Abstract
The interaction of mebeverine hydrochloride and Carbopol 934 in aqueous medium was studied using a dialysis technique. The effect of pH, drug and polymer concentration and electrolytes on such interaction were studied.
The results revealed that the interaction of the drug and the polymer (Carbopol 934) was inversely proportional to the initial concentration of the drug and directly proportional to the polymer concentration. The drug-polymer interaction was found to be pH-dependent. The presence of electrolyte decreased the interaction between the drug and the polymer Such a decrease was found to depend on the concentration of the electrolyte. The melting point (MP) and the solubility of the interaction product were found to differ from those of the original compounds.

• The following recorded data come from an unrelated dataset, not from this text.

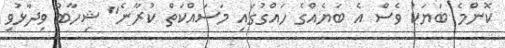
ކޮންމެ ބަޔަކު ވެސް އެ ބަޔެއްގެ ހައްގުގައި މަސައްކަތް ކުރާނެ" ޝިހާބު ވިދާޅުވި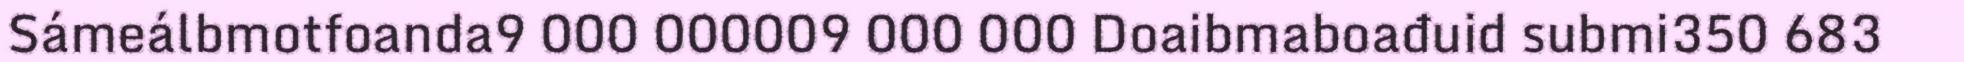
Sámeálbmotfoanda9 000 000009 000 000 Doaibmaboađuid submi350 683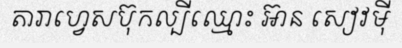
តារាហ្វេសប៊ុកល្បីឈ្មោះ អ៊ាន សៀវម៉ី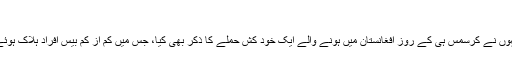
‘‘
انہوں نے کرسمس ہی کے روز افغانستان میں ہونے والے ایک خود کش حملے کا ذکر بھی کیا، جس میں کم از کم بیس افراد ہلاک ہوئے۔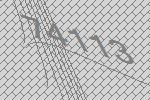
74113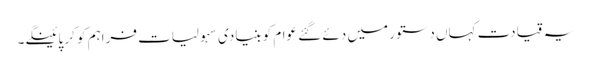
یہ قیادت کہاں دستور میں دئے گئے عوام کو بنیادی سہولیات فراہم کو کر پائینگے۔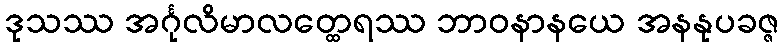
ဒုသဿ အင်္ဂုလိမာလတ္ထေရဿ ဘာဝနာနယေ အနနုပခဇ္ဇ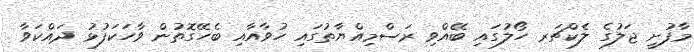
މާފުށީ ޖަލުގެ ލެކްޗަރ ހޯލުގައި ބޭއްވި ރަސްމިއްޔާތުގައި ހުވާއާއި ބެހޭގޮތުން ވާހަކަފުޅު ދައްކަވާ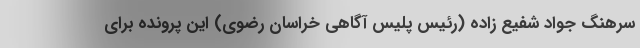
سرهنگ جواد شفیع زاده (رئیس پلیس آگاهی خراسان رضوی) این پرونده برای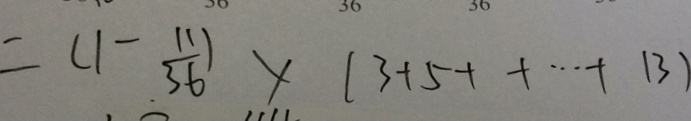
= ( 1 - \frac { 1 1 } { 3 6 } ) \times ( 3 + 5 + + \cdots + 1 3 )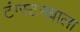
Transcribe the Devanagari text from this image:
टंग्स्टनवाला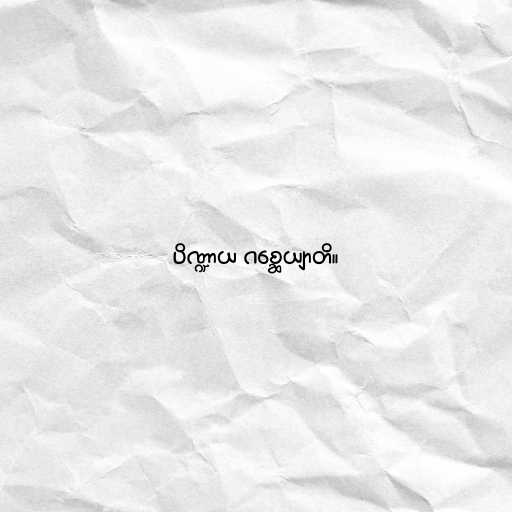
ပိဏ္ဍာယ ဂစ္ဆေယျာတိ။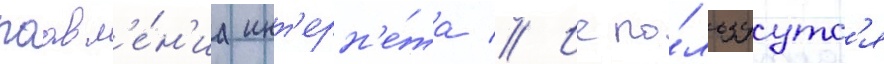
поавл'е́н'иа инт'ерн'е́та // Испо́льзуутс'я

Differential scanning calorimetery (DSC) revealed the disappearance of the endothermic peak due to mebeverine hydrochloride in the interaction product, whereas the physical mixture shows the same pattern of each component. Infra-red (IR) analysis shows a possible salt formation between the acidic polymer and the basic drug.
X-Ray diffraction revealed that the interaction product contained some crystallinity due to the presence of mebeverine. Kinetic treatment of the release data of the interaction product appeared to follow controlled diffusion mechanism and the half-lifetime t1/2 was 6 h.
Studies in guinea-pig isolated colon showed that the interaction product had a spasmolytic activity towards acetylcholine (Ach) nd barium chloride (BaCl2). The percentage antagonism was 83.8 and 67.7 towards Ach and BaCl2, respectively.